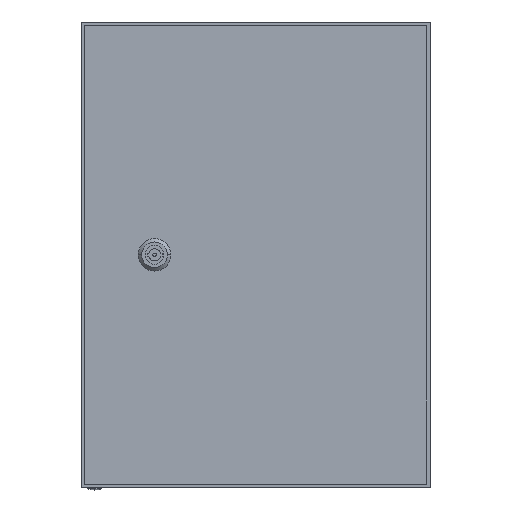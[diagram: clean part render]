
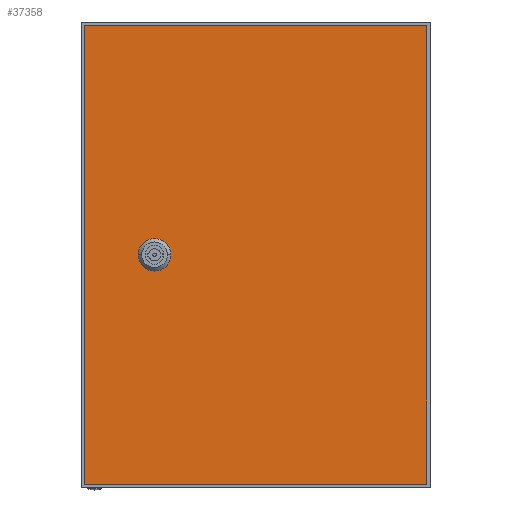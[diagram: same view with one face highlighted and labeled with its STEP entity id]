
A CAD part, top view. The second image highlights one B-rep face of the part: STEP entity #37358.
In plain terms, the highlighted planar face has unit normal (0, 0, 1).
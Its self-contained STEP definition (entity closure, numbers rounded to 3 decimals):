
#642 = CARTESIAN_POINT ( 'NONE',  ( 2.72, 397., 16.85 ) ) ;
#1549 = AXIS2_PLACEMENT_3D ( 'NONE', #29073, #25239, #36990 ) ;
#2179 = VECTOR ( 'NONE', #28251, 1000. ) ;
#2273 = ORIENTED_EDGE ( 'NONE', *, *, #41237, .T. ) ;
#2588 = CARTESIAN_POINT ( 'NONE',  ( 62.87, 200., 16.85 ) ) ;
#3919 = ORIENTED_EDGE ( 'NONE', *, *, #49603, .T. ) ;
#4184 = CIRCLE ( 'NONE', #21286, 14. ) ;
#6061 = CARTESIAN_POINT ( 'NONE',  ( 296.72, 3., 16.85 ) ) ;
#9426 = DIRECTION ( 'NONE',  ( 1., 0., 0. ) ) ;
#10277 = LINE ( 'NONE', #642, #35877 ) ;
#11934 = EDGE_LOOP ( 'NONE', ( #2273, #25265, #3919, #26958 ) ) ;
#12173 = VERTEX_POINT ( 'NONE', #46938 ) ;
#12174 = CIRCLE ( 'NONE', #1549, 14. ) ;
#14569 = CARTESIAN_POINT ( 'NONE',  ( 296.72, 397., 16.85 ) ) ;
#15378 = VERTEX_POINT ( 'NONE', #49965 ) ;
#17269 = EDGE_LOOP ( 'NONE', ( #21999, #37232 ) ) ;
#18604 = DIRECTION ( 'NONE',  ( 0., 1., 0. ) ) ;
#19669 = EDGE_CURVE ( 'NONE', #15378, #43246, #4184, .T. ) ;
#21272 = CARTESIAN_POINT ( 'NONE',  ( 2.72, 397., 16.85 ) ) ;
#21286 = AXIS2_PLACEMENT_3D ( 'NONE', #2588, #36798, #49313 ) ;
#21999 = ORIENTED_EDGE ( 'NONE', *, *, #19669, .T. ) ;
#22700 = VERTEX_POINT ( 'NONE', #48845 ) ;
#23733 = EDGE_CURVE ( 'NONE', #43246, #15378, #12174, .T. ) ;
#24074 = CARTESIAN_POINT ( 'NONE',  ( 76.87, 200., 16.85 ) ) ;
#24149 = VERTEX_POINT ( 'NONE', #6061 ) ;
#24686 = VERTEX_POINT ( 'NONE', #41842 ) ;
#25239 = DIRECTION ( 'NONE',  ( 0., 0., -1. ) ) ;
#25265 = ORIENTED_EDGE ( 'NONE', *, *, #38930, .T. ) ;
#26958 = ORIENTED_EDGE ( 'NONE', *, *, #45117, .T. ) ;
#28251 = DIRECTION ( 'NONE',  ( 1., 0., 0. ) ) ;
#29073 = CARTESIAN_POINT ( 'NONE',  ( 62.87, 200., 16.85 ) ) ;
#30529 = AXIS2_PLACEMENT_3D ( 'NONE', #47718, #44131, #9426 ) ;
#31565 = LINE ( 'NONE', #47161, #2179 ) ;
#32623 = PLANE ( 'NONE',  #30529 ) ;
#32913 = VECTOR ( 'NONE', #18604, 1000. ) ;
#35701 = FACE_BOUND ( 'NONE', #17269, .T. ) ;
#35877 = VECTOR ( 'NONE', #43799, 1000. ) ;
#36336 = LINE ( 'NONE', #21272, #38130 ) ;
#36442 = FACE_OUTER_BOUND ( 'NONE', #11934, .T. ) ;
#36798 = DIRECTION ( 'NONE',  ( 0., 0., -1. ) ) ;
#36990 = DIRECTION ( 'NONE',  ( -1., 0., 0. ) ) ;
#37232 = ORIENTED_EDGE ( 'NONE', *, *, #23733, .T. ) ;
#37358 = ADVANCED_FACE ( 'NONE', ( #35701, #36442 ), #32623, .T. ) ;
#38130 = VECTOR ( 'NONE', #40668, 1000. ) ;
#38930 = EDGE_CURVE ( 'NONE', #22700, #24149, #31565, .T. ) ;
#40668 = DIRECTION ( 'NONE',  ( 0., -1., 0. ) ) ;
#41237 = EDGE_CURVE ( 'NONE', #24686, #22700, #36336, .T. ) ;
#41842 = CARTESIAN_POINT ( 'NONE',  ( 2.72, 397., 16.85 ) ) ;
#43246 = VERTEX_POINT ( 'NONE', #24074 ) ;
#43799 = DIRECTION ( 'NONE',  ( -1., 0., 0. ) ) ;
#44131 = DIRECTION ( 'NONE',  ( 0., 0., 1. ) ) ;
#45117 = EDGE_CURVE ( 'NONE', #12173, #24686, #10277, .T. ) ;
#46938 = CARTESIAN_POINT ( 'NONE',  ( 296.72, 397., 16.85 ) ) ;
#47161 = CARTESIAN_POINT ( 'NONE',  ( 2.72, 3., 16.85 ) ) ;
#47718 = CARTESIAN_POINT ( 'NONE',  ( 0., 0., 16.85 ) ) ;
#48845 = CARTESIAN_POINT ( 'NONE',  ( 2.72, 3., 16.85 ) ) ;
#49289 = LINE ( 'NONE', #14569, #32913 ) ;
#49313 = DIRECTION ( 'NONE',  ( -1., 0., 0. ) ) ;
#49603 = EDGE_CURVE ( 'NONE', #24149, #12173, #49289, .T. ) ;
#49965 = CARTESIAN_POINT ( 'NONE',  ( 48.87, 200., 16.85 ) ) ;

•••

§ TO DO
Everything in the listing except the pictures must be reproduced exactly.

§ OUTPUT BELOW
[diagram: clean part render]
[diagram: same view with one face highlighted and labeled with its STEP entity id]
A CAD part, top view. The second image highlights one B-rep face of the part: STEP entity #37358.
In plain terms, the highlighted planar face has unit normal (0, 0, 1).
Its self-contained STEP definition (entity closure, numbers rounded to 3 decimals):
#642 = CARTESIAN_POINT ( 'NONE',  ( 2.72, 397., 16.85 ) ) ;
#1549 = AXIS2_PLACEMENT_3D ( 'NONE', #29073, #25239, #36990 ) ;
#2179 = VECTOR ( 'NONE', #28251, 1000. ) ;
#2273 = ORIENTED_EDGE ( 'NONE', *, *, #41237, .T. ) ;
#2588 = CARTESIAN_POINT ( 'NONE',  ( 62.87, 200., 16.85 ) ) ;
#3919 = ORIENTED_EDGE ( 'NONE', *, *, #49603, .T. ) ;
#4184 = CIRCLE ( 'NONE', #21286, 14. ) ;
#6061 = CARTESIAN_POINT ( 'NONE',  ( 296.72, 3., 16.85 ) ) ;
#9426 = DIRECTION ( 'NONE',  ( 1., 0., 0. ) ) ;
#10277 = LINE ( 'NONE', #642, #35877 ) ;
#11934 = EDGE_LOOP ( 'NONE', ( #2273, #25265, #3919, #26958 ) ) ;
#12173 = VERTEX_POINT ( 'NONE', #46938 ) ;
#12174 = CIRCLE ( 'NONE', #1549, 14. ) ;
#14569 = CARTESIAN_POINT ( 'NONE',  ( 296.72, 397., 16.85 ) ) ;
#15378 = VERTEX_POINT ( 'NONE', #49965 ) ;
#17269 = EDGE_LOOP ( 'NONE', ( #21999, #37232 ) ) ;
#18604 = DIRECTION ( 'NONE',  ( 0., 1., 0. ) ) ;
#19669 = EDGE_CURVE ( 'NONE', #15378, #43246, #4184, .T. ) ;
#21272 = CARTESIAN_POINT ( 'NONE',  ( 2.72, 397., 16.85 ) ) ;
#21286 = AXIS2_PLACEMENT_3D ( 'NONE', #2588, #36798, #49313 ) ;
#21999 = ORIENTED_EDGE ( 'NONE', *, *, #19669, .T. ) ;
#22700 = VERTEX_POINT ( 'NONE', #48845 ) ;
#23733 = EDGE_CURVE ( 'NONE', #43246, #15378, #12174, .T. ) ;
#24074 = CARTESIAN_POINT ( 'NONE',  ( 76.87, 200., 16.85 ) ) ;
#24149 = VERTEX_POINT ( 'NONE', #6061 ) ;
#24686 = VERTEX_POINT ( 'NONE', #41842 ) ;
#25239 = DIRECTION ( 'NONE',  ( 0., 0., -1. ) ) ;
#25265 = ORIENTED_EDGE ( 'NONE', *, *, #38930, .T. ) ;
#26958 = ORIENTED_EDGE ( 'NONE', *, *, #45117, .T. ) ;
#28251 = DIRECTION ( 'NONE',  ( 1., 0., 0. ) ) ;
#29073 = CARTESIAN_POINT ( 'NONE',  ( 62.87, 200., 16.85 ) ) ;
#30529 = AXIS2_PLACEMENT_3D ( 'NONE', #47718, #44131, #9426 ) ;
#31565 = LINE ( 'NONE', #47161, #2179 ) ;
#32623 = PLANE ( 'NONE',  #30529 ) ;
#32913 = VECTOR ( 'NONE', #18604, 1000. ) ;
#35701 = FACE_BOUND ( 'NONE', #17269, .T. ) ;
#35877 = VECTOR ( 'NONE', #43799, 1000. ) ;
#36336 = LINE ( 'NONE', #21272, #38130 ) ;
#36442 = FACE_OUTER_BOUND ( 'NONE', #11934, .T. ) ;
#36798 = DIRECTION ( 'NONE',  ( 0., 0., -1. ) ) ;
#36990 = DIRECTION ( 'NONE',  ( -1., 0., 0. ) ) ;
#37232 = ORIENTED_EDGE ( 'NONE', *, *, #23733, .T. ) ;
#37358 = ADVANCED_FACE ( 'NONE', ( #35701, #36442 ), #32623, .T. ) ;
#38130 = VECTOR ( 'NONE', #40668, 1000. ) ;
#38930 = EDGE_CURVE ( 'NONE', #22700, #24149, #31565, .T. ) ;
#40668 = DIRECTION ( 'NONE',  ( 0., -1., 0. ) ) ;
#41237 = EDGE_CURVE ( 'NONE', #24686, #22700, #36336, .T. ) ;
#41842 = CARTESIAN_POINT ( 'NONE',  ( 2.72, 397., 16.85 ) ) ;
#43246 = VERTEX_POINT ( 'NONE', #24074 ) ;
#43799 = DIRECTION ( 'NONE',  ( -1., 0., 0. ) ) ;
#44131 = DIRECTION ( 'NONE',  ( 0., 0., 1. ) ) ;
#45117 = EDGE_CURVE ( 'NONE', #12173, #24686, #10277, .T. ) ;
#46938 = CARTESIAN_POINT ( 'NONE',  ( 296.72, 397., 16.85 ) ) ;
#47161 = CARTESIAN_POINT ( 'NONE',  ( 2.72, 3., 16.85 ) ) ;
#47718 = CARTESIAN_POINT ( 'NONE',  ( 0., 0., 16.85 ) ) ;
#48845 = CARTESIAN_POINT ( 'NONE',  ( 2.72, 3., 16.85 ) ) ;
#49289 = LINE ( 'NONE', #14569, #32913 ) ;
#49313 = DIRECTION ( 'NONE',  ( -1., 0., 0. ) ) ;
#49603 = EDGE_CURVE ( 'NONE', #24149, #12173, #49289, .T. ) ;
#49965 = CARTESIAN_POINT ( 'NONE',  ( 48.87, 200., 16.85 ) ) ;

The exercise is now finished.